How do we recognize objects, and how do we do it so quickly?
Memories of objects and faces are not stored like memories of experiences and places. The difference takes advantage of the different needs we have for remembering them and the value of speed of recall. Experiences are stored based on their emotional and logical content. They are stored in associative memory, and they are recalled with various associations that are important to each experience, including especially the people that are in them. Places are remembered in place memory, which is a grid of cell bundles that support navigation in and around the given place. That’s all I’ll say about them.
Objects and faces are different than experiences and places in two important ways. First, they are primarily sense memories, primarily visual but also auditory. As such, they have invariant objective features that can be optimized for recall. Second, we benefit from immediate recognition of faces and objects. We expect to recognize a ball or banana as soon as we see it, not after a short while, no matter how short the time. The sooner the better.
Objects and faces are largely recognized with the same sort of mechanism, though different areas of the brain seem to specialize in each. I’ll describe the shared mechanism, but I’ll concentrate on the object path since that’s what the question is about.
Before talking about the mechanism, I want to describe what it means for the brain to “recognize” something. Understanding this is critical to understanding the explanation.
There are basically two ways that people recognize things, whether objects or faces. In one way, we see something for the first time, not knowing what it is. We have to take it in and make sense of it. This happens for totally new things, and it also happens whenever we see a new instance that is like some previous instance. This is also what happens when we see a new face.
The second way we see something is when it is an object or someone we have seen before.
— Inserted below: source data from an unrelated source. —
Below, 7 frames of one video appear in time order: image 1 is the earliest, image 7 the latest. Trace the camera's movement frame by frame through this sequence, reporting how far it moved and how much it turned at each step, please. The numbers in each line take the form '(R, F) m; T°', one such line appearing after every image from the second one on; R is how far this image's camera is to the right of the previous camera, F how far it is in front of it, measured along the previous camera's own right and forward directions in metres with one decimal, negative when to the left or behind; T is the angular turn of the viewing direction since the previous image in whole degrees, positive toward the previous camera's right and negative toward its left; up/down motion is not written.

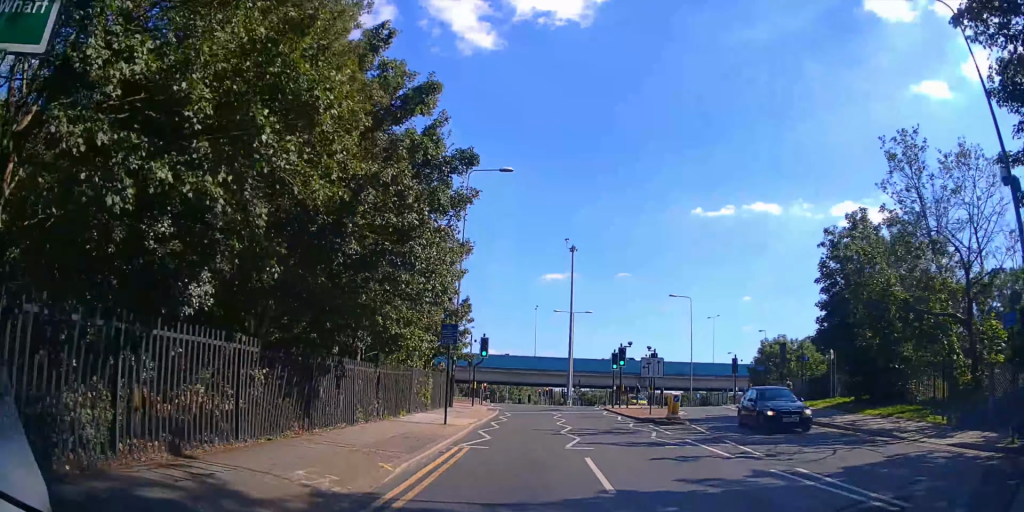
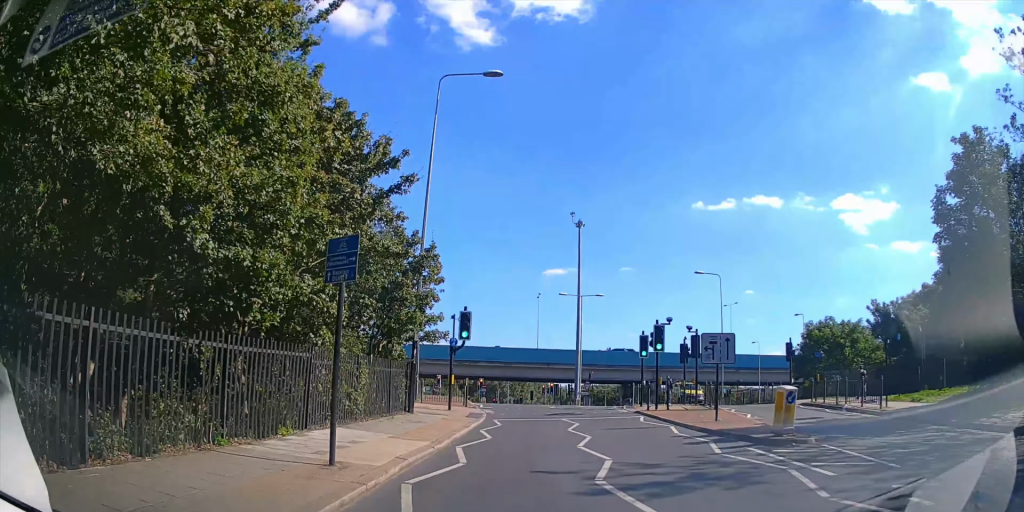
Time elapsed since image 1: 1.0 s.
(0.0, +10.7) m; 0°
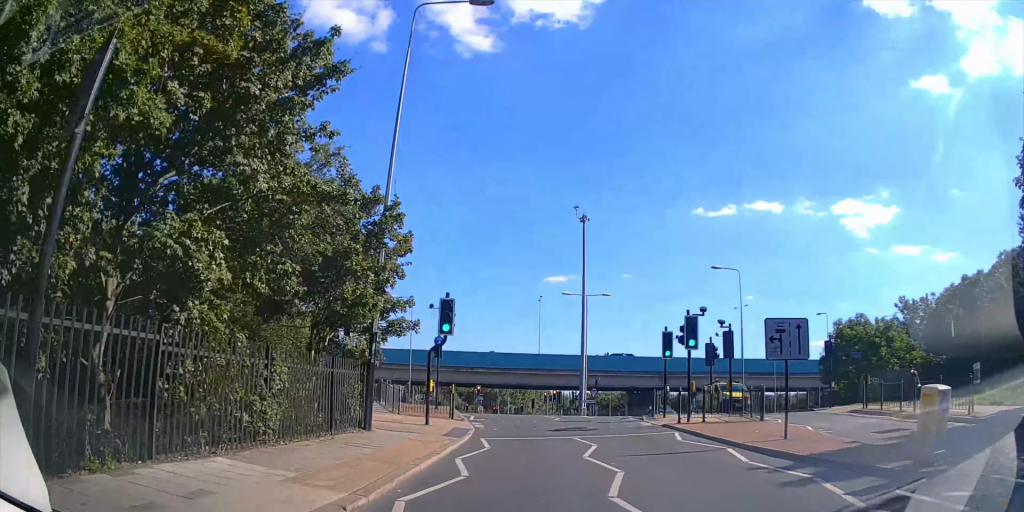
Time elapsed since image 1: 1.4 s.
(0.0, +4.5) m; 0°
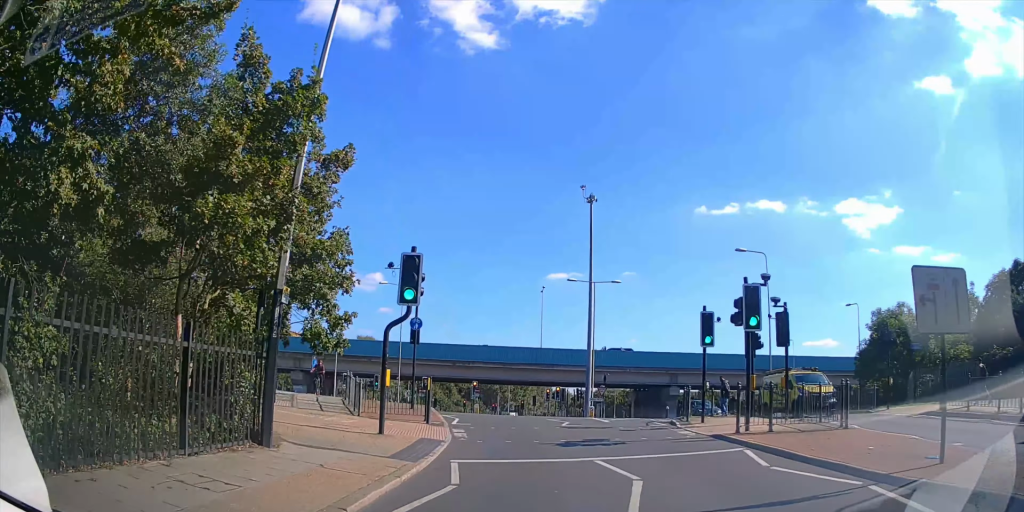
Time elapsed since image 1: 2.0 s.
(0.0, +5.9) m; 0°
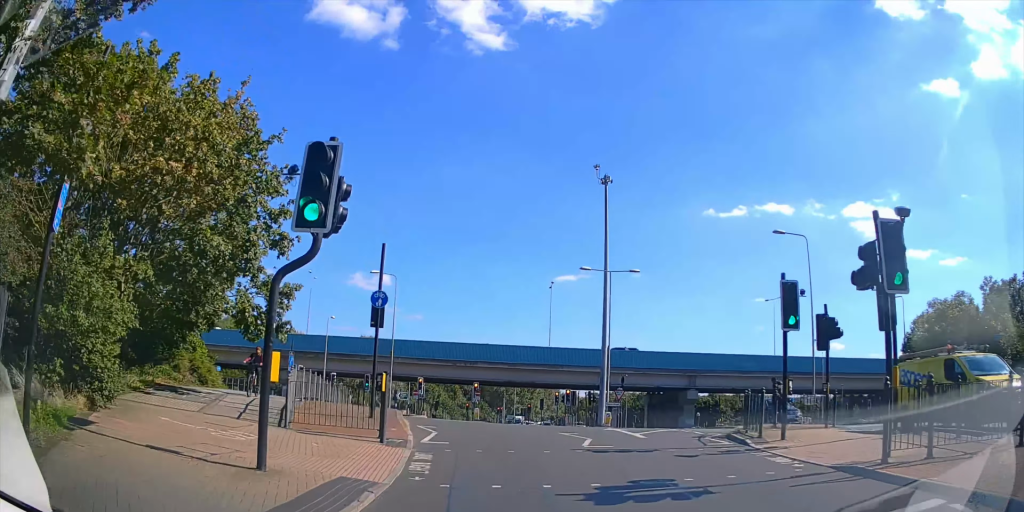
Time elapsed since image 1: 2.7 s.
(+0.1, +6.9) m; 0°
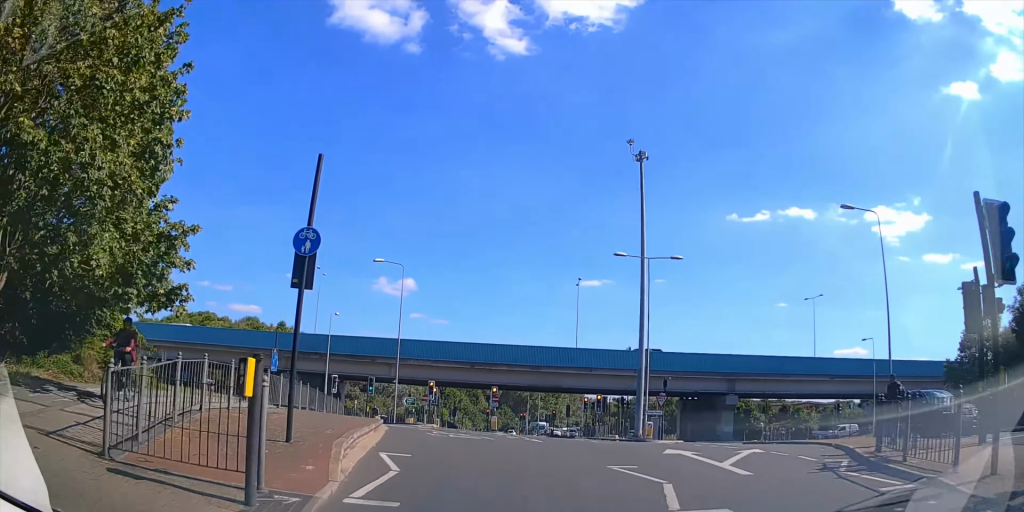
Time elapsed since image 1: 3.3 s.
(-0.1, +6.4) m; -2°
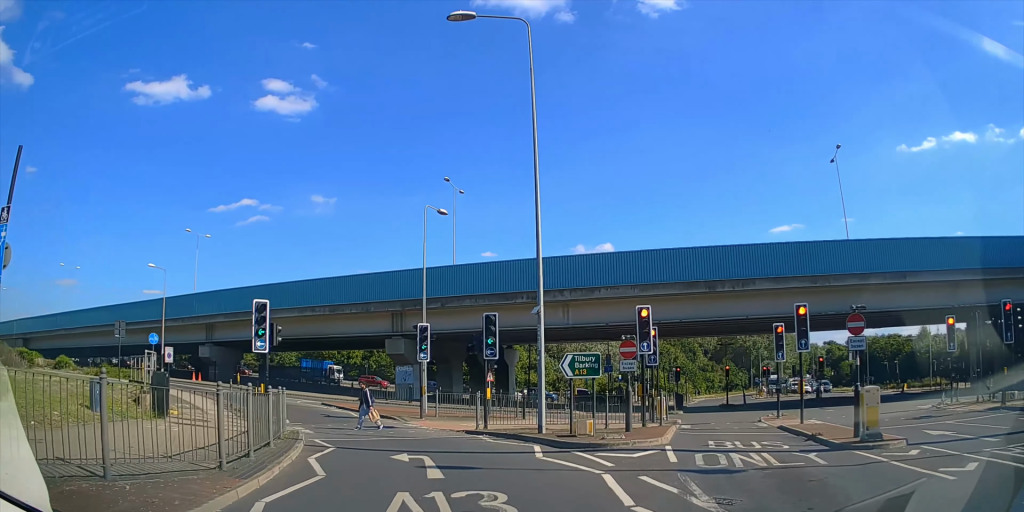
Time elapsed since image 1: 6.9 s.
(-5.4, +29.4) m; -22°
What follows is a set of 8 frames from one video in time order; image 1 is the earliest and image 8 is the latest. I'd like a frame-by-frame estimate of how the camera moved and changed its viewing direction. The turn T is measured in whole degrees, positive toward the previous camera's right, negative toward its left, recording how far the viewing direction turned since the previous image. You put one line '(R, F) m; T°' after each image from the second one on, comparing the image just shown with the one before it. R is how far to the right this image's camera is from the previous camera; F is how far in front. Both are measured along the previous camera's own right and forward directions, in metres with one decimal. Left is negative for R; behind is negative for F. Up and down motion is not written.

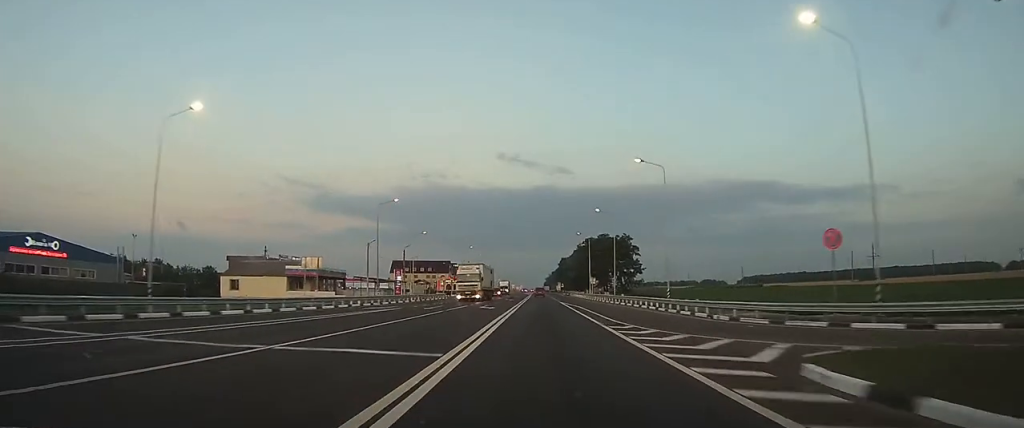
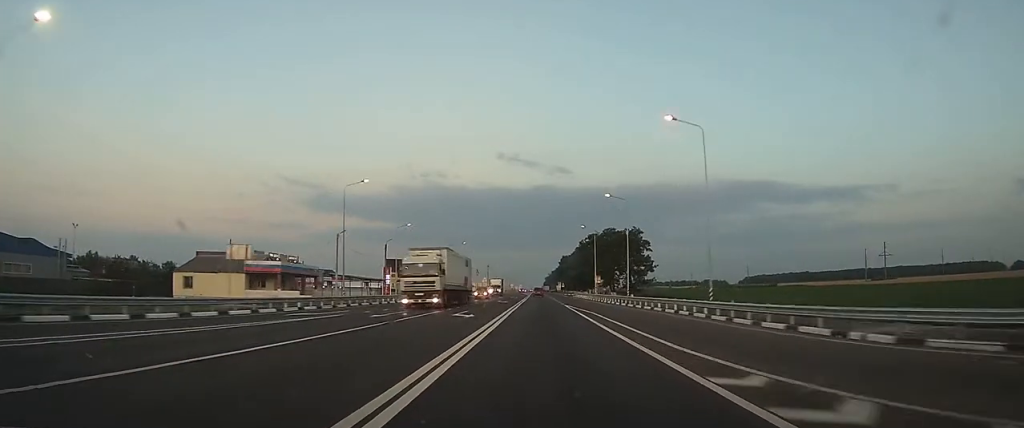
(0.0, +12.2) m; 0°
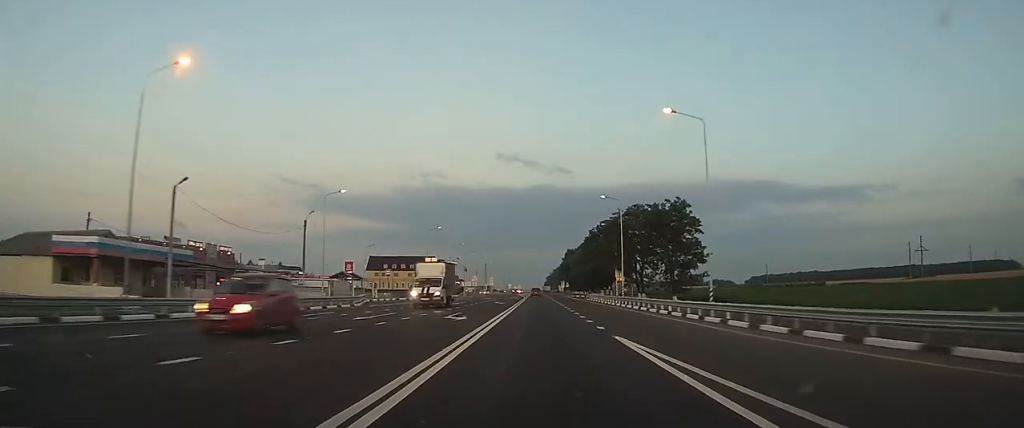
(0.0, +32.1) m; 0°
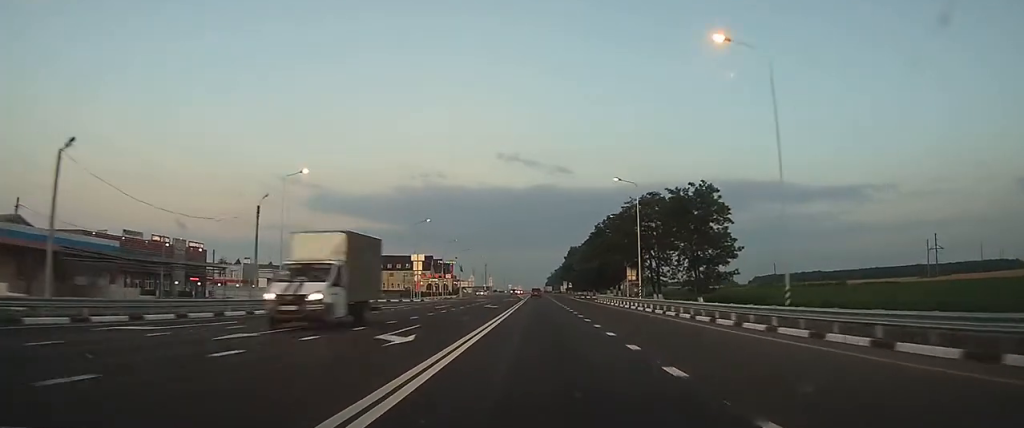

In this case, we have some reason to expect that the thing or face will be present. We are waiting for it, anticipating it.
Psychologists have known about these two ways for decades. The difference was discovered when researchers attempted to measure recognition time and found that it wasn’t predictable in their early experiments. What they discovered was that expectation or foreknowledge changes the response time radically. They learned to structure psychological tests so that the advent of objects and faces in experiments was carefully planned. The term “priming” is used to describe a situation where the subject knows what to expect.
The general mechanism for recognizing objects and faces involves a pipeline of visual processing areas. Each segment in the pipeline involves what is called a feedforward network, embedded with a feedbackward network. These are really completely intertwined, but we have found that speaking of them separately is useful.
In the case of object recognition, the pipeline is called the ventral visual pathway. It runs from V1 in the very back of the brain forward along the underside of each hemisphere. Primate evidence suggests that it consists of six segments.
The feedforward circuitry of the ventral visual pathway is for making sense of new objects. The feedbackward circuitry is for anticipating previously seen objects, i.e., priming. Another way of looking at these directions is that most of the time we are seeing things we have seen before, so the feedbackward pathway allows V1 cortex to confirm that we are seeing a known object, while the feedforward pathway consists of detailed error signals starting from V1 that allow learning about new objects and variations on old objects.
Now that we’ve considered the first question, let’s go on to the second.
The ventral visual pathway (purple in the image above) is used for all objects. In effect, it is considering all objects you have previously seen at the same time. The segments in the pipeline are finding and predicting commonalities of all the different objects you have ever seen as the visual information passes through them. This means there is no serial consideration of what an object is, as the question suggests.
Recognizing an object, whether a new one after considering all its characteristics, or a previously known one by confirmation of a prediction is nothing like a memory of an experience. Experiences tend to interfere with one another since their associations are subject to interference with each recall. The recognition of of objects is seldom lost because the complexities of the ventral visual stream allow recognition of a vast number of objects simultaneously.
As a side note, recognition of a new object through the feedforward network takes 200–400 milliseconds, while recognition of a known object with priming by the feedbackward network can be done in as few as 60 milliseconds.
Complicating this explanation is that object recognition takes place independently in the two hemispheres. Rather than duplicating these abilities, the hemispheres provide complementary functionality. The hemispheres look at different features and use different parts of the visual field.
The right hemisphere uses the entire visual field, central and peripheral vision, left and right sides. This allows it to recognize the object in context, and allows the entire object to be considered as a whole. It also allows larger objects to be recognized.
The left hemisphere only perceives the right half of the central (foveal) visual field. This means that it tends to recognize smaller parts of objects, with the object itself as context, but not the area around the object. The relatively consistent high resolution in this part of the visual field allows it to concentrate on details of the object that the right hemisphere might not use.
These two complementary views of an object work together. The left side can often recognize an object somewhat earlier since its part of the visual field isn’t delayed by passing across the corpus callosum. Also, the left side can sometimes recognizes objects in new orientations and with moderate visual interference because it is recognizing parts of the object that might escape interference. The right hemisphere takes slightly longer, but since it is more likely to recognize the object correctly, it can correct left hemisphere mistakes.
Now I hope I have waved my hands sufficiently at this essential, complex process of object recognition. I hope you can see now why you can recognize a vast number of objects almost instantaneously.